BECAUSE DEREGULATION, PRIVATIZATION, FREE TRADE, and other components of globalization have barely begun, most commodities remain very thinly traded, making them illiquid and inappropriate as currencies. But with the Internet bringing six billion people into one global village marketplace, where even microtransactions worth fractions of pennies can be profitably transacted, an enormous proliferation of commodities will qualify as currencies, ushering in a wealth of new consumer services. None will be more important than giving individuals and small businesses the same ability to hedge their finances that big businesses enjoy.
In saving to purchase a house, a young couple today may fear that real estate prices three years hence — when they expect they’ll have enough for their down payment — will outstrip their savings. Some panic and buy a house before they’re ready. With the availability of hedging services, couples would be able to save relevant currencies — say a real estate currency or commodity index tied to the types of neighborhoods they’re considering. Other consumers might save currencies such as frequent flyer points to pay for their annual vacations, or currencies that reflect their gasoline purchases or other routine expenditures. But for most routine, day-to-day transactions — and for savings untied to any particular purchase — the currency is likely to be gold, the historic currency of choice of the world’s populace. Barter, once an aspect of primitive societies, becomes efficient and largely indistinct from currency exchange in the electronic global village; national currencies, meanwhile, become primitive mediums of exchange.
THOUGH NATIONAL CURRENCIES have served no useful purpose, they created much misery for the poor and other vulnerable members of society, and not just through the unsustainable megaprojects they allowed.

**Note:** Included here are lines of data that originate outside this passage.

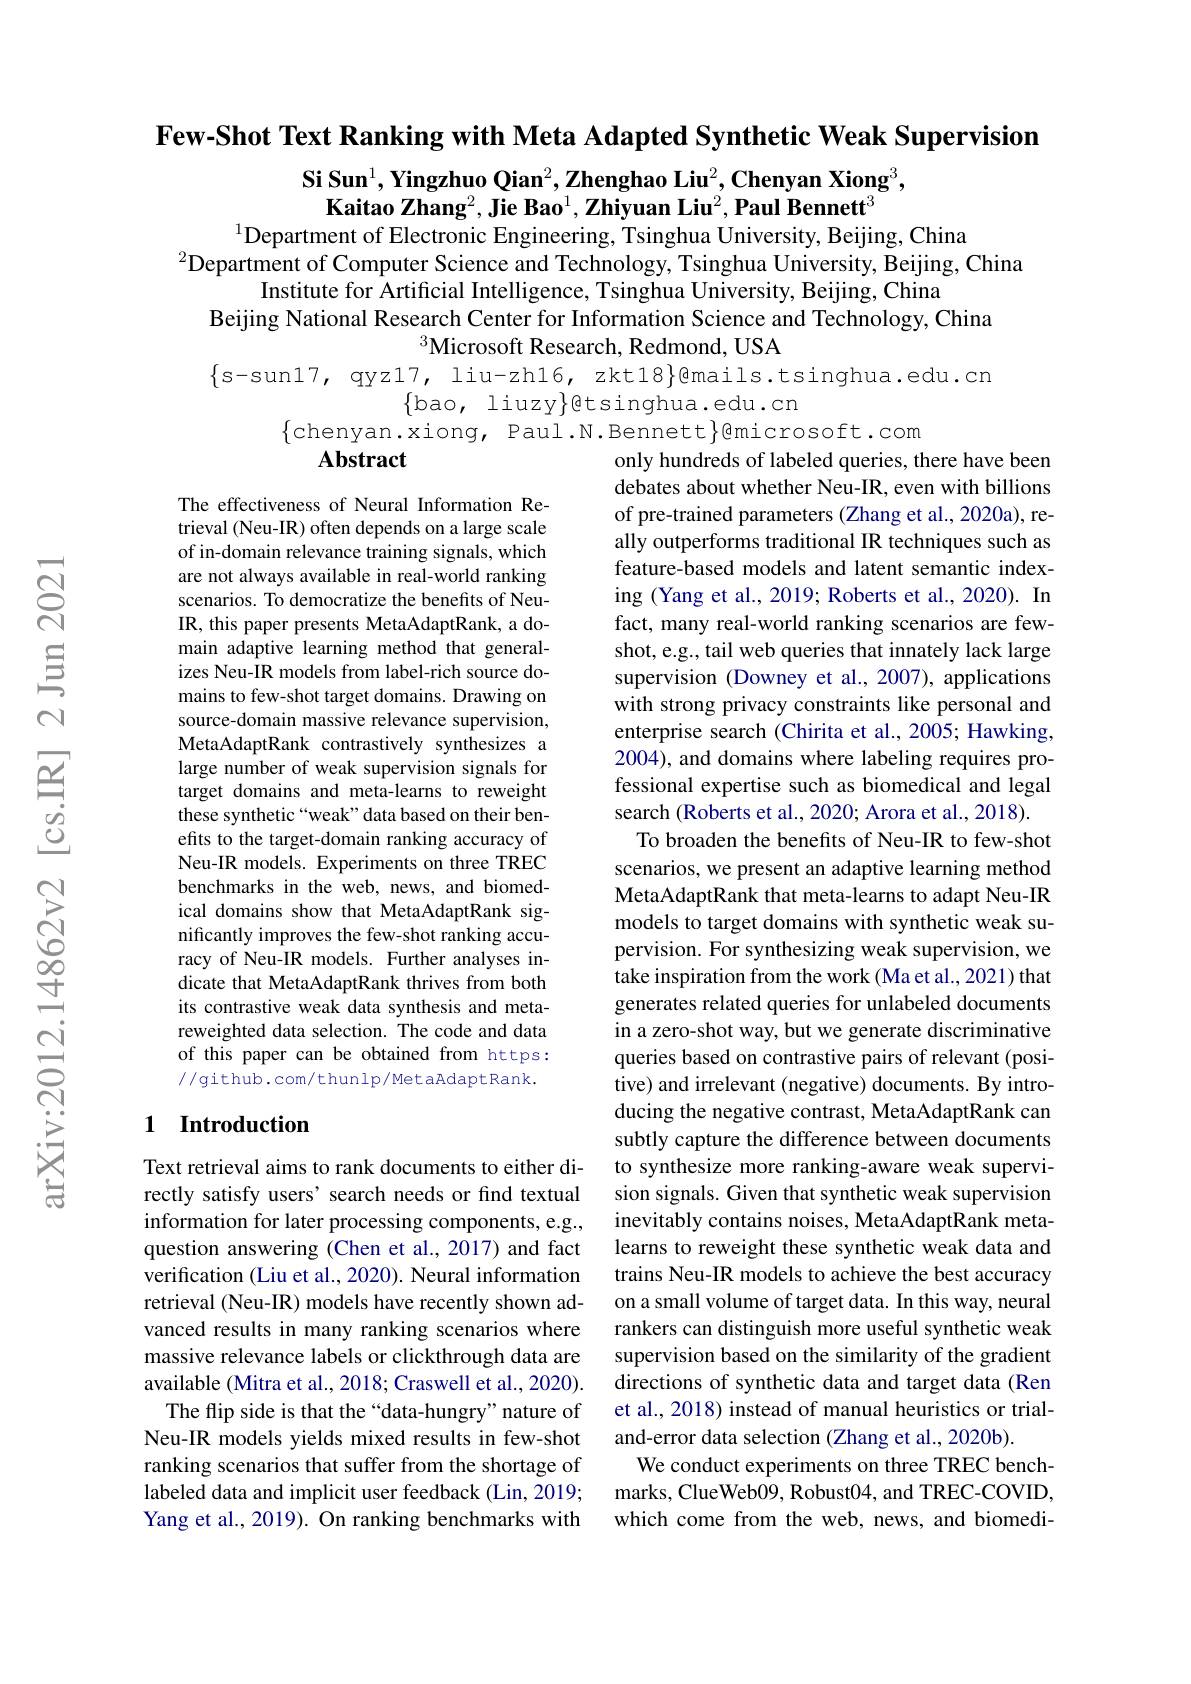
Few-Shot Text Ranking with Meta Adapted Synthetic Weak Supervision

$\textbf{Si Sun}^1,\textbf{Yingzhuo Qian}^2,\textbf{Zhenghao Liu}^2,\textbf{Chenyan Xiong}^3$,
$\bar{\textbf{Kaitao Zhang}^2},\bar{\textbf{Jie Bao}^1},\bar{\textbf{Zhiyuan Liu}^2}$,Paul Bennett$^3$
$^{1}$Department of Electronic Engineering, Tsinghua University, Beijing, China

$^{2}$Department of Computer Science and Technology, Tsinghua University, Beijing, China
Institute for Artificial Intelligence, Tsinghua University, Beijing, China
Beijing National Research Center for Information Science and Technology, China
$^{3}$Microsoft Research, Redmond, USA
$\{$s-sun17, qyz17, liu-zh16, zkt18}@{mails.tsinghua.edu.cn
$\{$bao, liuzy$\}$etsinghua.edu.cn
$\{$chenyan.xiong, Paul.N.Bennett$\}$@microsoft.com
$\mathbf{Abstract}$
only hundreds of labeled queries, there have been

The effectiveness of Neural Information Retrieval (Neu-IR) often depends on a large scale of in-domain relevance training signals, which are not always available in real-world ranking scenarios. To democratize the benefits of NeuIR, this paper presents MetaAdaptRank, a domain adaptive learning method that generalizes Neu-IR models from label-rich source domains to few-shot target domains. Drawing on source-domain massive relevance supervision, MetaAdaptRank contrastively synthesizes a large number of weak supervision signals for target domains and meta-learns to reweight these synthetic “weak” data based on their benefits to the target-domain ranking accuracy of Neu-IR models. Experiments on three TREC benchmarks in the web, news, and biomedical domains show that MetaAdaptRank significantly improves the few-shot ranking accuracy of Neu-IR models. Further analyses indicate that MetaAdaptRank thrives from both its contrastive weak data synthesis and metareweighted data selection. The code and data of this paper can be obtained from https: //github.com/thunlp/MetaAdaptRank.

debates about whether Neu-IR, even with billions of pre-trained parameters (Zhang et al., 2020a), really outperforms traditional IR techniques such as feature-based models and latent semantic indexing (Yang et al., 2019; Roberts et al., 2020). In fact, many real-world ranking scenarios are fewshot, e.g., tail web queries that innately lack large supervision (Downey et al., 2007), applications with strong privacy constraints like personal and enterprise search (Chirita et al., 2005; Hawking, 2004), and domains where labeling requires professional expertise such as biomedical and legal search (Roberts et al., 2020; Arora et al., 2018). To broaden the benefits of Neu-IR to few-shot scenarios, we present an adaptive learning method MetaAdaptRank that meta-learns to adapt Neu-IR models to target domains with synthetic weak supervision. For synthesizing weak supervision, we take inspiration from the work (Ma et al., 2021) that generates related queries for unlabeled documents in a zero-shot way, but we generate discriminative queries based on contrastive pairs of relevant (positive) and irrelevant (negative) documents. By introducing the negative contrast, MetaAdaptRank can subtly capture the difference between documents to synthesize more ranking-aware weak supervision signals. Given that synthetic weak supervision inevitably contains noises, MetaAdaptRank metalearns to reweight these synthetic weak data and trains Neu-IR models to achieve the best accuracy on a small volume of target data. In this way, neural rankers can distinguish more useful synthetic weak supervision based on the similarity of the gradient directions of synthetic data and target data (Ren et al., 2018) instead of manual heuristics or trialand-error data selection (Zhang et al., 2020b)
We conduct experiments on three TREC benchmarks, ClueWeb09, Robust04, and TREC-COVID, which come from the web, news, and biomedi-

# 1 Introduction

Text retrieval aims to rank documents to either directly satisfy users' search needs or find textual information for later processing components, e.g., question answering (Chen et al., 2017) and fact verification (Liu et al., 2020). Neural information retrieval (Neu-IR) models have recently shown advanced results in many ranking scenarios where massive relevance labels or clickthrough data are available (Mitra et al., 2018; Craswell et al., 2020).
The flip side is that the “data-hungry”nature of Neu-IR models yields mixed results in few-shot ranking scenarios that suffer from the shortage of labeled data and implicit user feedback (Lin, 2019; Yang et al., 2019). On ranking benchmarks with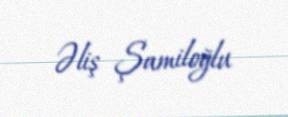
Əliş Şamiloğlu

Through inflation, the pensions and other savings that people relied on in their latter years became devalued, sometimes reducing their lifestyles to subsistence. Inflation also burdened people who did not rely on fixed incomes: Mortgages became unnecessarily high, everyone thought more in the short term, since inflation made long-term investments that much more speculative.
Great as the economic costs of national currency monopolies have been — nothing short of war approaches the destruction left in their wake — national currencies also exacted great social and moral costs. Chief among these has been the devaluation of government itself. Raising taxes is often necessary but rarely popular, a combination that leads weak leaders to hide their taxing activities from the populace through their monopoly over currency. Inflation pushes people who haven’t seen a real wage increase into a higher tax bracket, giving them an effective pay cut, and it allows the government to repudiate its debts to its own people while requiring them to pay the government’s foreign lenders in full. National monopoly currencies make governments sovereigns over us, instead of servants to us; they divorce government from the citizenry, breeding a destructive mutual cynicism.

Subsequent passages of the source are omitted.